**REQUIRED WORK**
Output the lines from the one holding "The time after image 1: 2.2 s." to the end of the entries that follow, exactly and only those, minus any pictures.

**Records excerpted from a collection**
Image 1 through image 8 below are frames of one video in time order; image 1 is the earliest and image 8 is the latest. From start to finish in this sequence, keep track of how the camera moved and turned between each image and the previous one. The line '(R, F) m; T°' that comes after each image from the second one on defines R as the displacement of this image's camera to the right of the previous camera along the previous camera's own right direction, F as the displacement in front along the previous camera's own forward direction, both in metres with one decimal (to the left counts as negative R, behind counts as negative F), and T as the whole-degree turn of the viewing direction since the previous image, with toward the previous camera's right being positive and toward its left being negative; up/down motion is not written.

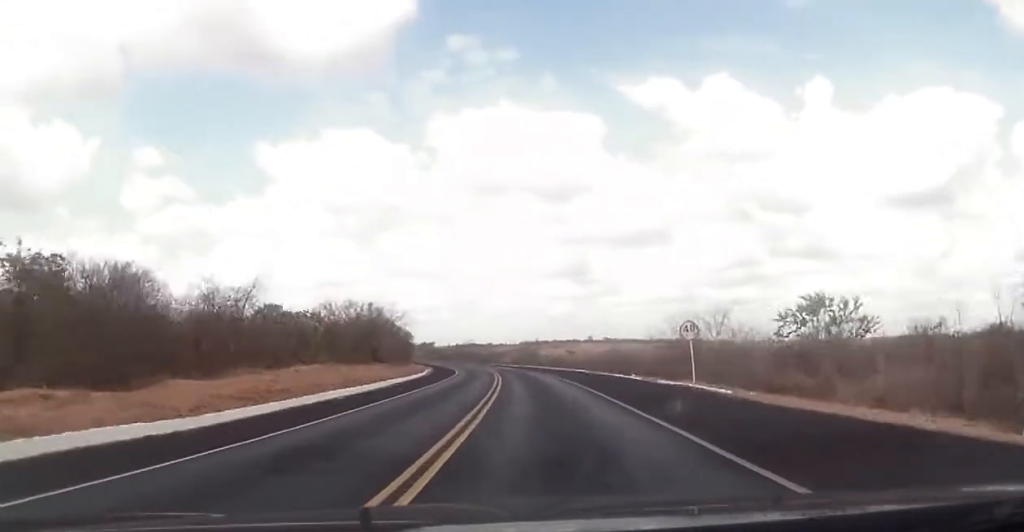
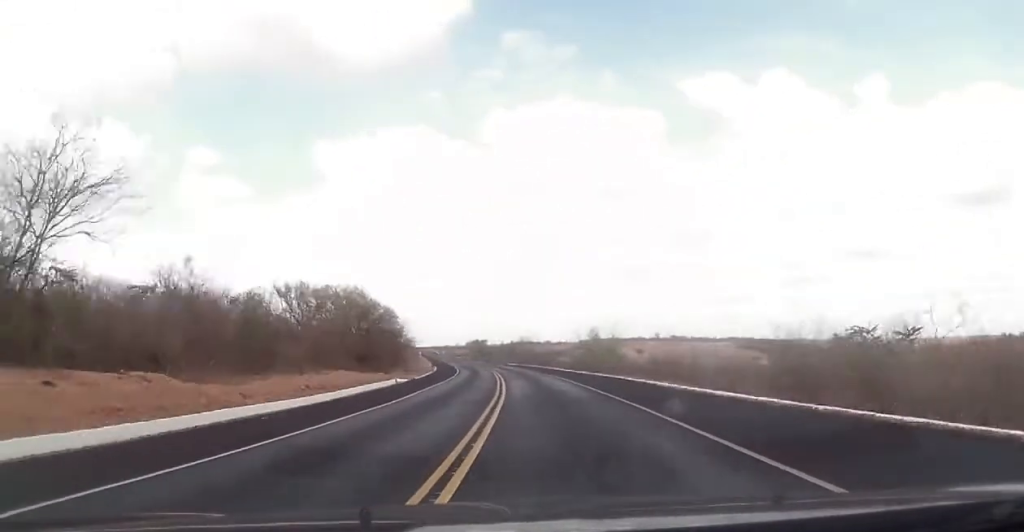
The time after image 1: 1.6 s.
(-2.2, +52.3) m; -5°
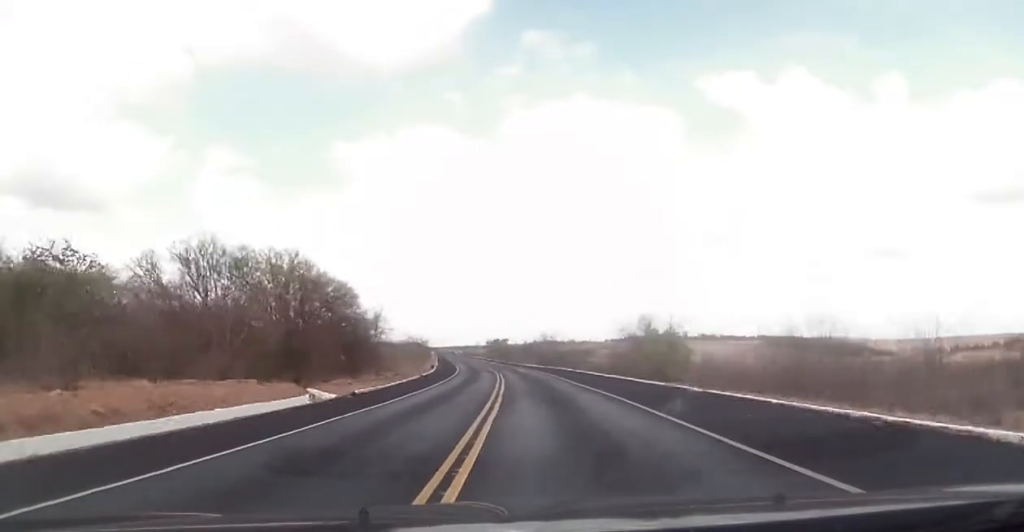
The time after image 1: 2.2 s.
(-0.7, +22.5) m; -2°
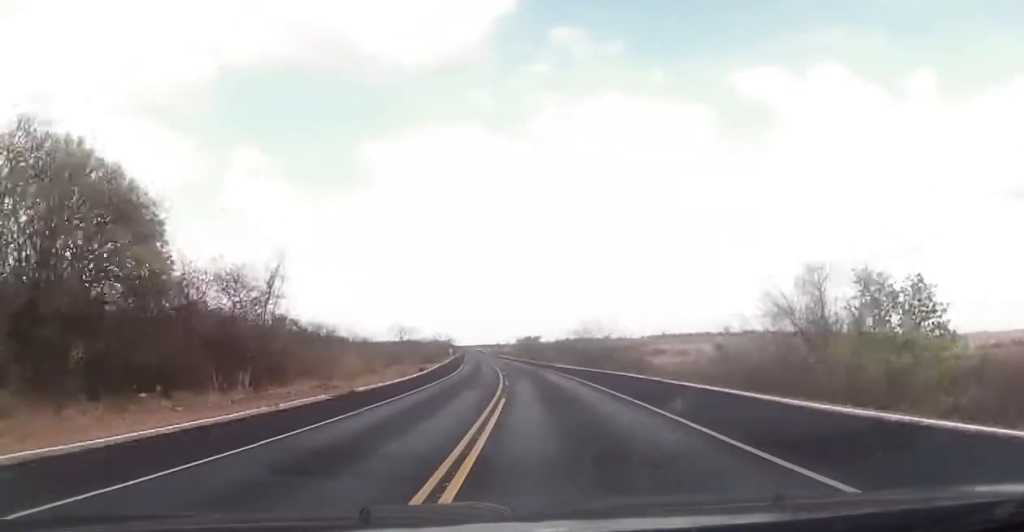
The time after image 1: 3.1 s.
(-0.4, +29.4) m; -2°
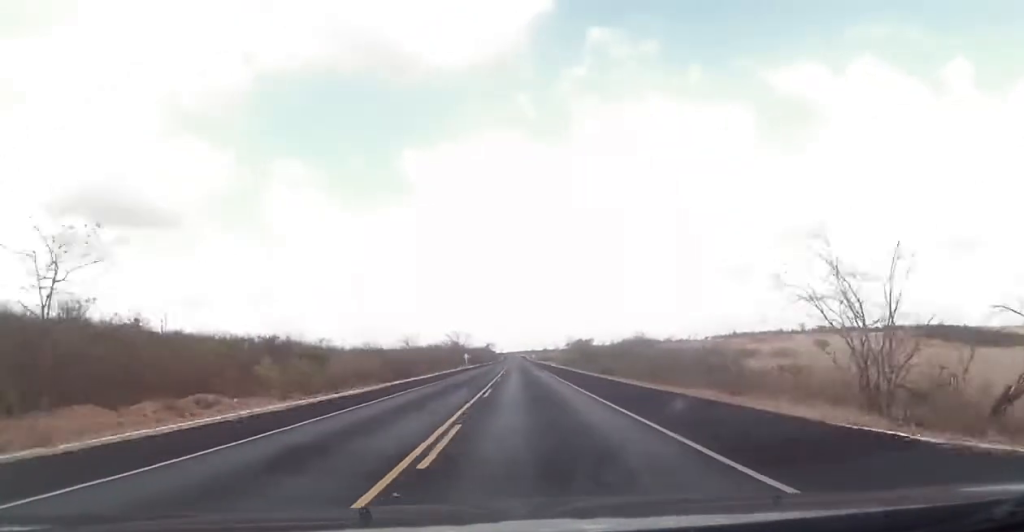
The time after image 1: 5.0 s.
(-3.3, +63.8) m; -5°
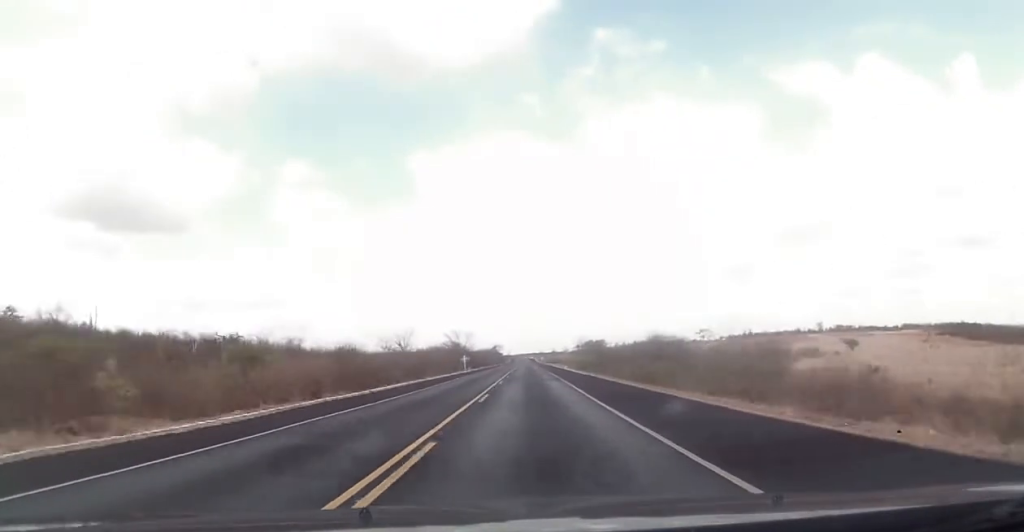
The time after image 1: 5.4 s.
(0.0, +16.2) m; -1°
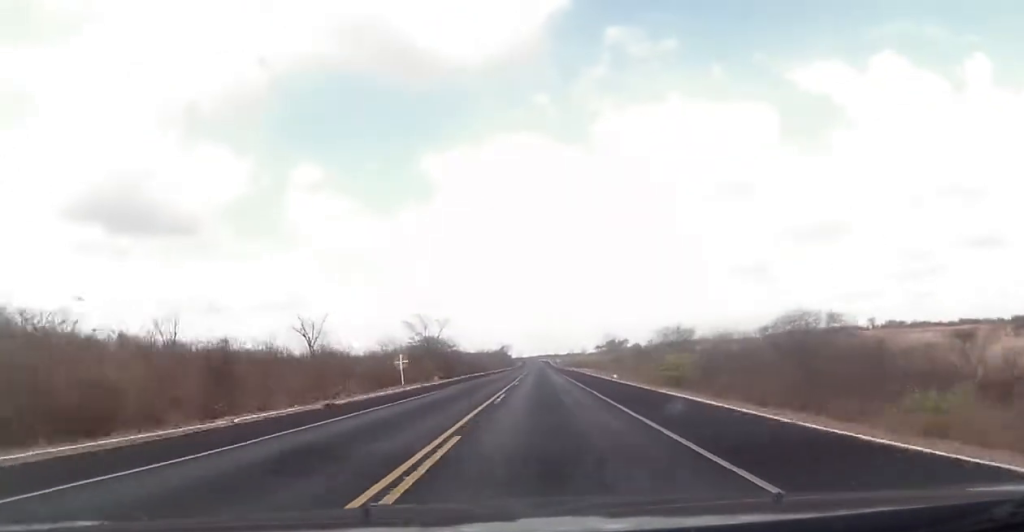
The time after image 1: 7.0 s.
(-1.4, +55.8) m; -2°
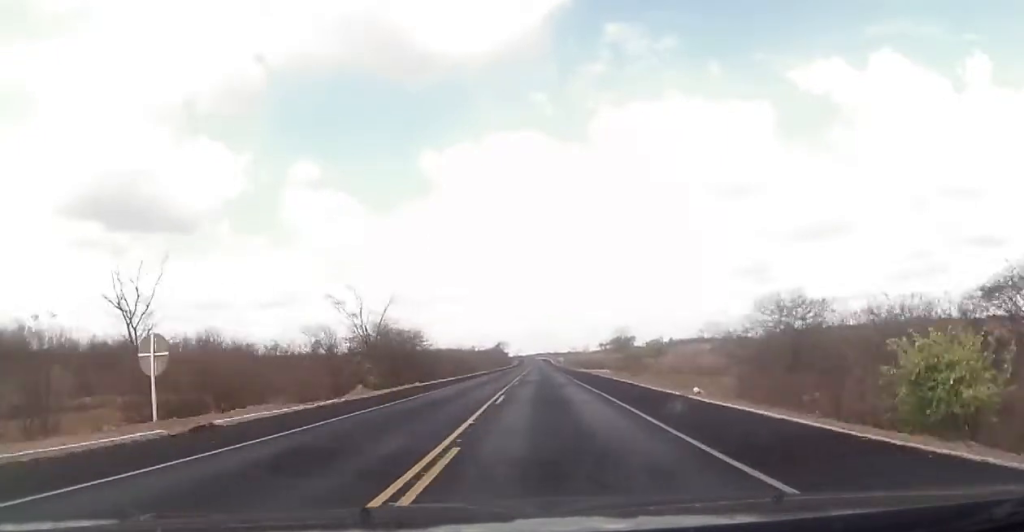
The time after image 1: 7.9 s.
(-0.1, +30.5) m; 0°

**SOLUTION BELOW**
The time after image 1: 2.2 s.
(-0.7, +22.5) m; -2°
The time after image 1: 3.1 s.
(-0.4, +29.4) m; -2°
The time after image 1: 5.0 s.
(-3.3, +63.8) m; -5°
The time after image 1: 5.4 s.
(0.0, +16.2) m; -1°
The time after image 1: 7.0 s.
(-1.4, +55.8) m; -2°
The time after image 1: 7.9 s.
(-0.1, +30.5) m; 0°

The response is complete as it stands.